Feature map output by the second convolution stage

Feature map output by the third convolution stage

Feature map output by the fourth convolution stage

Step 2.3, constructing a multi-scale feature embedding module:

Each embedded layer comprises a convolution layer and a dimension reduction process;

outputting feature maps of four convolution stages

Input into a multi-scale feature embedding module,

respectively pass through convolution kernels of 2 ^5-i ×2 ^5-i The convolution layers are respectively output characteristic graphs after dimension reduction processing

3. The endoscopic image classification method according to claim 2, characterized in that said step 3 specifically comprises:

combining 4 characteristic maps

is represented by H ⁱ ·W ⁱ Each size is C ⁱ A pixel feature map of individual channel intersections;

step 3.2, crossing the characteristic diagram of the channel

To carry outMulti-scale embedding, specifically obtaining a multi-scale feature embedding feature map by using the formula (2)

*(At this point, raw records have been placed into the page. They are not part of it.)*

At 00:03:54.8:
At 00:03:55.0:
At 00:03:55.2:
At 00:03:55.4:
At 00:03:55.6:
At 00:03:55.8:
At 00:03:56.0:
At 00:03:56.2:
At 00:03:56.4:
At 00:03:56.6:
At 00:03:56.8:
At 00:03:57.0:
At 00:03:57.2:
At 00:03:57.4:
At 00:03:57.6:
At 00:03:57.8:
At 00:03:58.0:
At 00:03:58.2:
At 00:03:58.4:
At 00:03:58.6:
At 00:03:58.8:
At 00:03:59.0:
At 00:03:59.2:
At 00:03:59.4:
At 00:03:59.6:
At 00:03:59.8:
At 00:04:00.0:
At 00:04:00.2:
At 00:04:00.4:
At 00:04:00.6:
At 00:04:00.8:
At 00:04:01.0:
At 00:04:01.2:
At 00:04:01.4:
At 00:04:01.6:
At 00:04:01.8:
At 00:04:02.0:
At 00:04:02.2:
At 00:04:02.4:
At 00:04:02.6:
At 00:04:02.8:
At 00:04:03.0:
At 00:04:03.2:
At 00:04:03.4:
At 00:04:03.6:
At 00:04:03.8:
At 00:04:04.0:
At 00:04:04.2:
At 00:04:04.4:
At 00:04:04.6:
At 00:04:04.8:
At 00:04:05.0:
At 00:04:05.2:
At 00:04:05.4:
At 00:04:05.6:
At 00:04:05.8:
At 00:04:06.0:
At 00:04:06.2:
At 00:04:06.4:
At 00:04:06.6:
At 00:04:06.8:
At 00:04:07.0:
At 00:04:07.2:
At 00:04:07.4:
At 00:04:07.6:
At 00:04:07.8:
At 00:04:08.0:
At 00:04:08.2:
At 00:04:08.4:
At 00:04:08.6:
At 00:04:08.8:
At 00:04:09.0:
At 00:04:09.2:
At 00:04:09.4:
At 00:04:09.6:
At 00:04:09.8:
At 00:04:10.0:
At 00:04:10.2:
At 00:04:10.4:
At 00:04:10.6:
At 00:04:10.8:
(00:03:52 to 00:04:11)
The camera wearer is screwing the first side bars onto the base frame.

Concat (-) in equation (2) represents the feature vector splicing operation,

to represent

A channel cross feature map after multi-scale feature embedding and conversion;

step 3.3, feature map

step 3.4, feature map

Inputting the feature map into the c-th multi-head cross attention encoder module

Respectively with two weight matrices W _m ^K ，W _m ^V Multiplying, and comparing the feature maps

Respectively with four weight matrices

Multiplying and outputting the characteristic diagram K _n，p 、V _n，p 、

The specific formula is shown as formula (3):

in the formula (3), φ (-) represents a normalization function;

step 3.5, embedding the multi-scale features into a module output feature graph K _n，p ，V _n，p ，

Input into the 1 st multi-head cross attention encoder, K _n，p ，V _n，p ，

Respectively processed by linear transformation and input into M-head cross attention layers

Are each independently of K _n，p Multiplying, finally activating by Softmax function, and mixing with V _n，p Multiplying to obtain an output, wherein a specific formula is shown as a formula (4):

step 3.6, attention feature map

in the formula (5), the reaction mixture is,

is a learnable transformation matrix by

will result in M cross attention layer outputs

The characteristic diagram obtained by the formula (6) is reused

M in equation (6) is the number of cross-attention slice headers,

Respectively processed by linear transformation and normalization, and then output of the multi-head cross attention encoder module is obtained as shown in formula (7)

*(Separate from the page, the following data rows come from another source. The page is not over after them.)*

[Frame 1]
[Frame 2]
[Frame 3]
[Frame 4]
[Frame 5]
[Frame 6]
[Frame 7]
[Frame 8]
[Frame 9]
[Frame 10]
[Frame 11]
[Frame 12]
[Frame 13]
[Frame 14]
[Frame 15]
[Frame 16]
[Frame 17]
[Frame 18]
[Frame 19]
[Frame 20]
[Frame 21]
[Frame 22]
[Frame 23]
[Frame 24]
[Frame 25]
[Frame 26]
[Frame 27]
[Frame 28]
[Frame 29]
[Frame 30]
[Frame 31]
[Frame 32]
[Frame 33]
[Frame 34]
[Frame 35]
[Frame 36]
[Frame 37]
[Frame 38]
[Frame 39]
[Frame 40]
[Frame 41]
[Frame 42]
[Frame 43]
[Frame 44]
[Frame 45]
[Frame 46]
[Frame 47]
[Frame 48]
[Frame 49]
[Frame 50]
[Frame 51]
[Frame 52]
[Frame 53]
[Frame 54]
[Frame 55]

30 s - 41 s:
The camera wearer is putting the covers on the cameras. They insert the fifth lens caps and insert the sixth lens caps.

Characteristic diagram using equation (8)

Performing up-sampling processing to obtain a characteristic diagram U _n，p ：

step 3.8, carrying out upsampling processing on the feature map U _n，p Feature map output from convolution stage

Fusing to obtain output U _n，p The specific formula is shown in formula (9):

in the formula (9), the reaction mixture is,

4. The endoscopic image classification method according to claim 3, characterized in that said step 4 specifically comprises:

step 4.1, embedding the multi-scale features into a feature graph U output by the multi-head cross attention encoder _n，p Inputting the data to a convolution stage for feature extraction and outputting a feature map D _n，p

Step 4.2, outputting the characteristic diagram D of the convolution stage _n，p Respectively carrying out global average pooling operation and global maximum pooling operation, and splicing and fusing the obtained feature maps to obtain a result D' _n，p The specific formula is shown as formula (10):

is D _n，p The feature map output after global average pooling,

is D _n，p Outputting a feature map after global maximum pooling;

will feature map D' _n，p Inputting the result vector into a full connection layer to obtain the result vector of N-dimensional classification.

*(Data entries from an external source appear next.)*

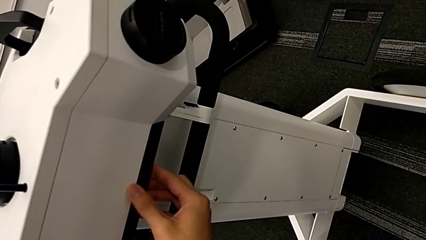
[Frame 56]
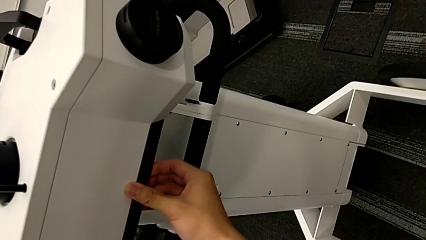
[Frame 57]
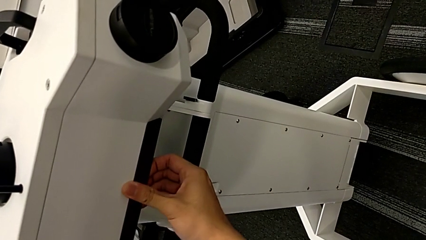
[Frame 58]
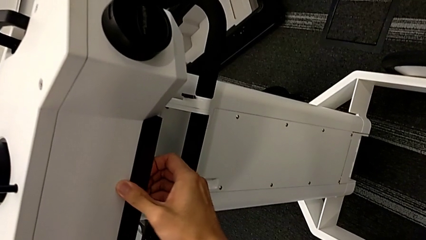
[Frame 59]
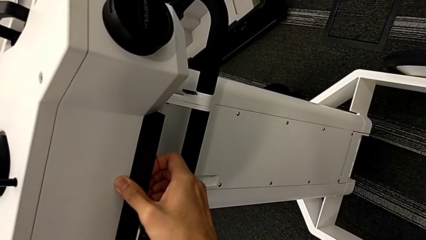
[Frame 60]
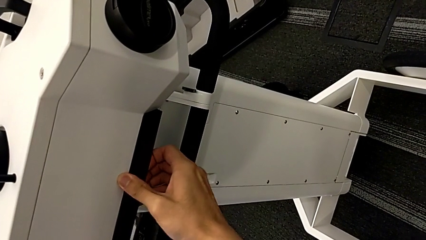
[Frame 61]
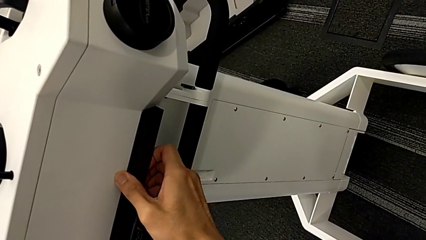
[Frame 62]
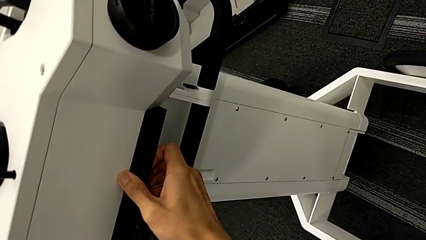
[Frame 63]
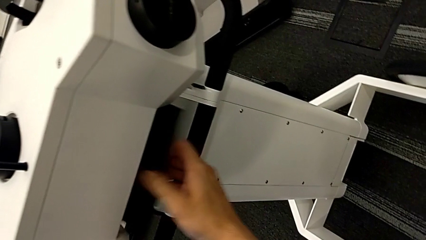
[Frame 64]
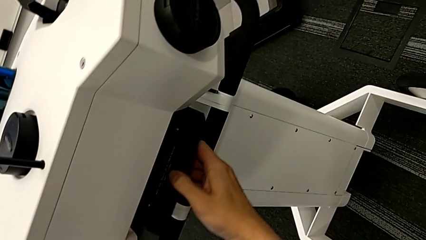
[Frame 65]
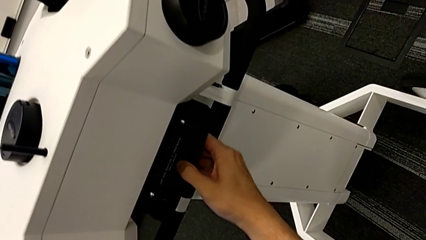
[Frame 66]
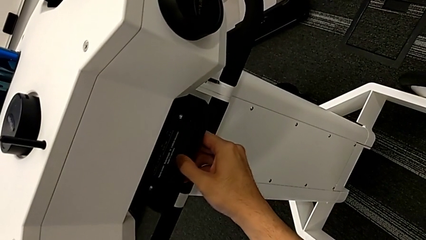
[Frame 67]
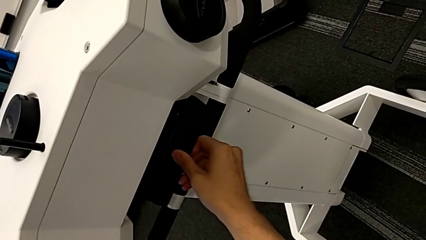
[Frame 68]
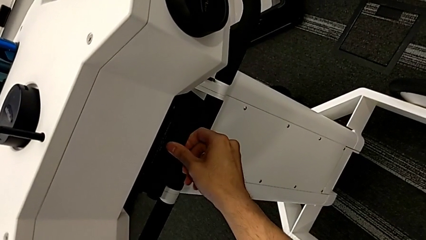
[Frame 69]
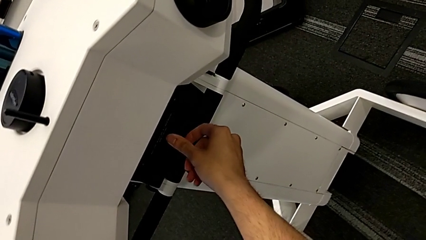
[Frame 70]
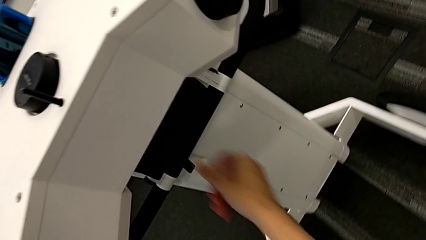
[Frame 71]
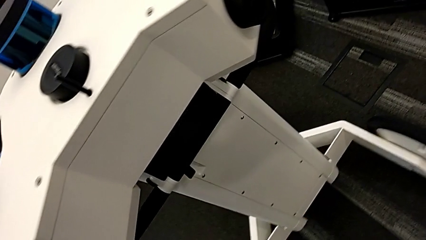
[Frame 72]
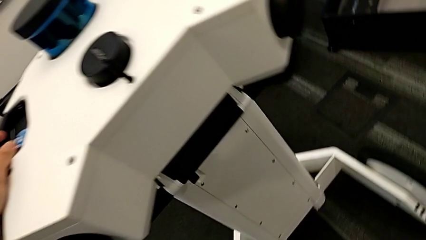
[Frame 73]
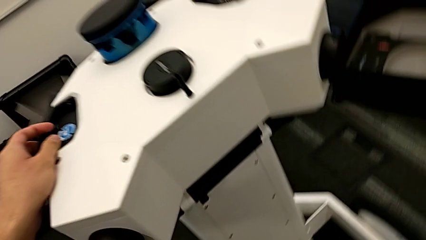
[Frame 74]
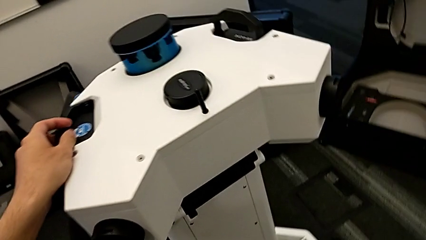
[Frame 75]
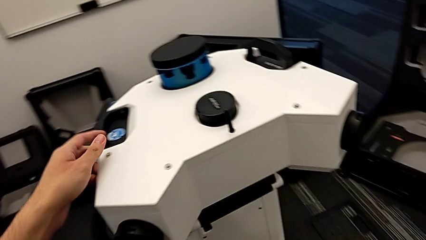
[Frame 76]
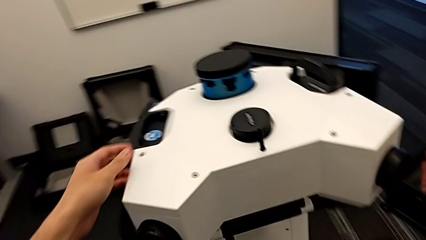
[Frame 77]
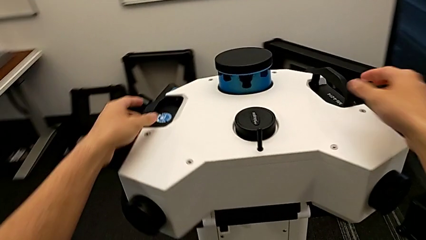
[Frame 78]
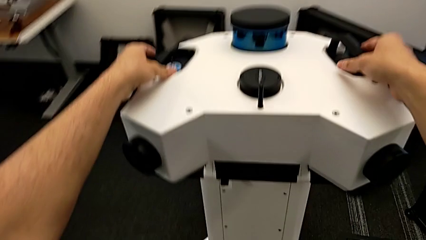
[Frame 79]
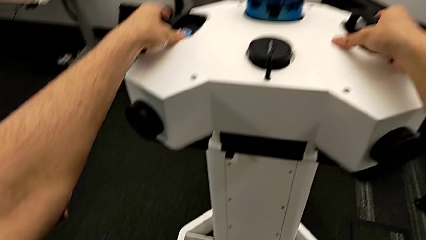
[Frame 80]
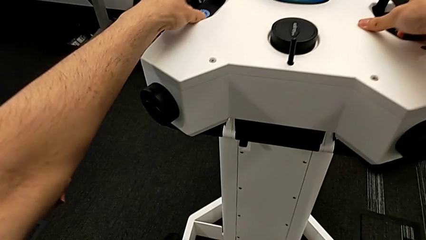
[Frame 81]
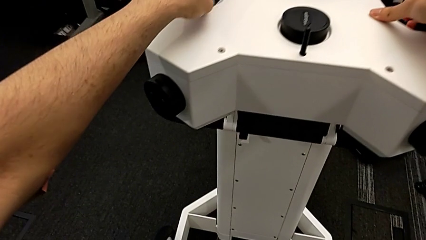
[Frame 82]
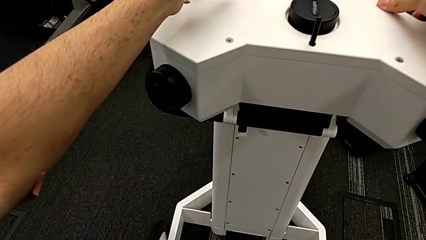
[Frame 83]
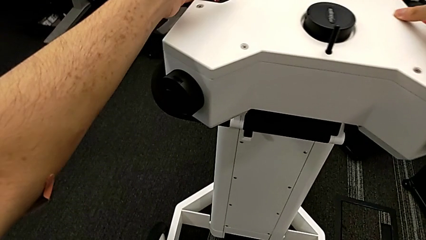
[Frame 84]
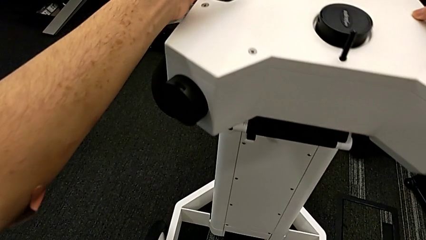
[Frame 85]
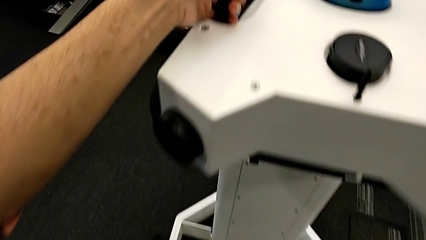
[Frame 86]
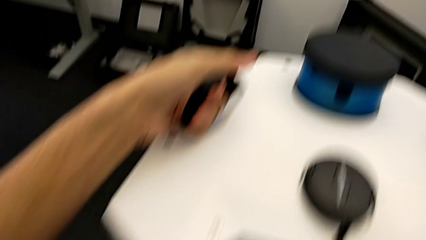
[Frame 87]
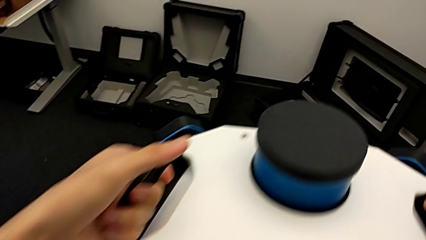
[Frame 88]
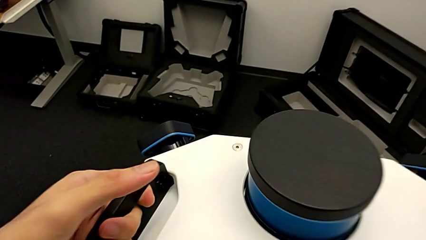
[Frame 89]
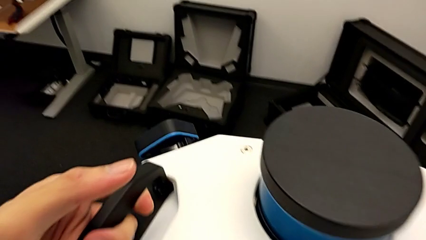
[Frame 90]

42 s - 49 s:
The camera wearer is disassembling the cameras from the NAVVIS. They pull the M6 head lock and grab the lens.

5. The endoscopic image classification method according to claim 4, wherein said step 5 specifically includes: establishing a cross entropy loss function, inputting a training sample set into the deep learning network for training, and then adopting a back propagation algorithm to carry out optimization solution on the cross entropy loss function, thereby adjusting all parameters in the deep learning network and obtaining the endoscope image classifier for classifying the endoscope images.